Liu Min, Zhao Luosha, Yuan Jiaying
Department of Cardiovascular Medicine, The First Affiliated Hospital of Zhengzhou University, No. 1 East Jianshe Road, Zhengzhou 450052, China; Department of Cardiovascular Medicine, Zhengzhou Central Hospital, Zhengzhou University, No. 195 Tongbai Road, Zhengzhou 450007, China.
Department of Cardiovascular Medicine, The First Affiliated Hospital of Zhengzhou University, No. 1 East Jianshe Road, Zhengzhou 450052, China.
Comput Math Methods Med. 2016;2016:9506829. doi: 10.1155/2016/9506829. Epub 2016 Mar 16.
The purpose of present study was to construct the best screening model of congenital heart disease serum markers and to provide reference for further prevention and treatment of the disease.
Documents from 2006 to 2014 were collected and meta-analysis was used for screening susceptibility genes and serum markers closely related to the diagnosis of congenital heart disease. Data of serum markers were extracted from 80 congenital heart disease patients and 80 healthy controls, respectively, and then logistic regression analysis and support vector machine were utilized to establish prediction models of serum markers and Gene Ontology (GO) functional annotation.
Results showed that NKX2.5, GATA4, and FOG2 were susceptibility genes of congenital heart disease. CRP, BNP, and cTnI were risk factors of congenital heart disease (p < 0.05); cTnI, hs-CRP, BNP, and Lp(a) were significantly close to congenital heart disease (p < 0.01). ROC curve indicated that the accuracy rate of Lp(a) and cTnI, Lp(a) and BNP, and BNP and cTnI joint prediction was 93.4%, 87.1%, and 97.2%, respectively. But the detection accuracy rate of the markers' relational model established by support vector machine was only 85%. GO analysis suggested that NKX2.5, GATA4, and FOG2 were functionally related to Lp(a) and BNP.

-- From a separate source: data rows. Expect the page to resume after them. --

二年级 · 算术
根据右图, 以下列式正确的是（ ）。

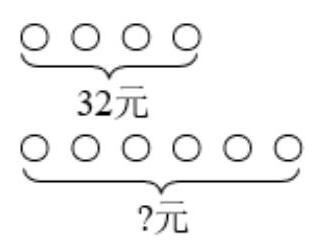
A. $32 \times 6$
B. $32 \times 4 \times 6$
C. $32 \div 4 \times 6$
答案: C
解析: $\mathrm{C}$

【分析】观察图中可知, 4 个 $O$ 是 32 元, 则 1 个 $O$ 为 $32 \div 4=8$ (元), 求 6 个 $O$ 一共多少元, 根据乘法的意义，列式解答即可。

【详解】 $32 \div 4 \times 6$

$=8 \times 6$

$=48($ 元 $)$

所以以上列式正确的是 $32 \div 4 \times 6$ 。

故答案为: C

【点睛】本题主要考查整数乘除法的意义，正确理解图形即可列出相应式子。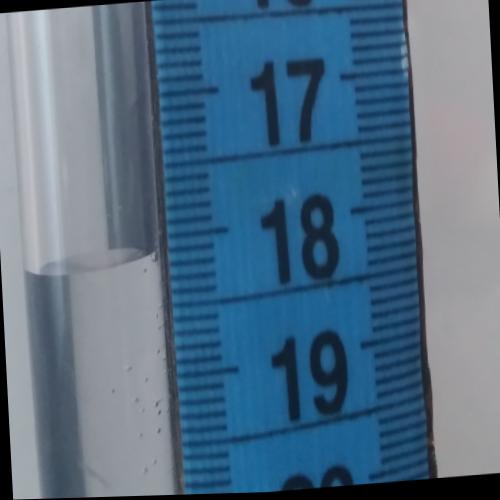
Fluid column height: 18.1 cm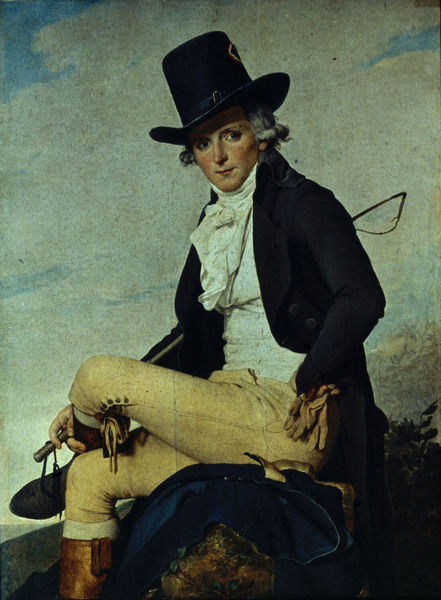
Titel: Portrait de Pierre Sériziat
Künstler: Jacques Louis David
Standort: Paris
Institution: Musée du Louvre
Schlagwörter: berg, blau, blätter, gemälde, hand, himmel, mann, umhang, weiß, wolken, gelb, sitzen, braun, frankreich, frau, grau, handschuh, handschuhe, hut, kleider, mund, nase, profil, schwarz, blick, tuch, wolke, beige, rock, schleife, zylinder, hemd, hose, jacke, augen, barock, bluse, gesicht, kleidung, kragen, mensch, stein, herr, hände, portrait, porträt, strauch, busch, büsche, gebüsch, haare, mantel, pose, sitzend, adel, england, lippen, locken, reiter, perücke, reiten, reiterin, sattel, kopfbedeckung, wangen, haltung, schuhe, fels, blue, hands, hat, men, oil, white, frack, arm, black, blouse, collar, dark, dress, dunkelblau, face, gray, grey, hair, lace, nose, old, painting, seat, seated, sit, sitting, sleeve, woman, yellow, hutband, homme, sitzt, looking, brown, edel, rüsche, rüschen, knöpfe, jackett, weste, schnalle, stolz, scharz, chapeau, angel, peitsche, stiefel, schuh, portät, glove, cloud, clouds, man, sky, stone, tree, wanderer, leder, head, hill, landscape, nature, trees, pferderücken, costume, eyes, feet, sash, suit, kniebundhose, coast, grass, light, bushes, exterior, plants, goethe, lederhose, shadow, cap, coat, mouth, scarf, buttons, boots, ciel, cravat, curls, jacket, kniebund, smile, cheval, der, reithose, tie, scene, perrücke, ancient, cape, clothes, leaves, vest, history, nineteenth century, crop, pants, shoes, boot, stifel, eye, gerte, bush, carriage, horse, fingers, bundhose, cane, reitgerte, reitpeitsche, figure, lips, outdoors, riding, reitstiefel, canvas, elegant, fishing, rüschenhemd, gentleman, gloves, top hat, olken, trousers, pant, col, tan, stick, shirt, chevalier, whip, realistic, cylindre, ties, gant, jambe, philister, armée, button, dunkle augen, pantalons, swag, ruffles, tall, knee, hairs, wig, ingres, officer, wand, noble, américain, vista, cavalier, countryside, black jacket, enfeminine, fawn, horseman, knee-breeches, kragentuch, laces, legging, redingote, redingot\, riding coat, ruffle, throusers, whig, breeches, dandy, leather, leggings, tights, horsemen, high, rider, haut de forme, laced, grey hair, overcoat, leder+, 19th century, nobleman, buckle, halstuch, brows, eighteenth century, tied, driver, heir, 1800s, habit, vintage, obscure, fouet, layer, siting, bot, carvaggio, klasszismus, posing, monture, frock, cilinder, chapeua, chapeu, emazipiertes reiterfräulein, cravatte, revolutionary war, posh, riding crop, dapper, capri, riding clothes, jodpurs, jodphurs, équitation, buckle hat, ruggle, horse rider, altmodisch, cravet, sucker, fop, sitted, reterhose, jodhpurs, riding gear, crio, straight nose, old school, horseback rider, vaintage, sitting portrait, whipe, 중세시대, 모자, 영국인, 가죽부츠, 베이지색바지, farmer, vhaur de forme, haut de forma, haur de forme, fuffle, riding pants, bbreak

The combined markers model of BNP and cTnI had the highest accuracy rate, providing a theoretical basis for the diagnosis of congenital heart disease.
本研究旨在构建先天性心脏病血清标志物的最佳筛查模型,为该疾病的进一步防治提供参考。
收集2006年至2014年的文献,采用荟萃分析筛选与先天性心脏病诊断密切相关的易感基因和血清标志物。分别从80例先天性心脏病患者和80例健康对照中提取血清标志物数据,然后利用逻辑回归分析和支持向量机建立血清标志物预测模型及基因本体(GO)功能注释。
结果显示,NKX2.5、GATA4和FOG2是先天性心脏病的易感基因。CRP、BNP和cTnI是先天性心脏病的危险因素(p<0.05);cTnI、hs-CRP、BNP和Lp(a)与先天性心脏病显著相关(p<0.01)。ROC曲线表明,Lp(a)与cTnI、Lp(a)与BNP以及BNP与cTnI联合预测的准确率分别为93.4%、87.1%和97.2%。但支持向量机建立的标志物关联模型检测准确率仅为85%。GO分析表明,NKX2.5、GATA4和FOG2在功能上与Lp(a)和BNP相关。
BNP和cTnI联合标志物模型准确率最高,为先天性心脏病的诊断提供了理论依据。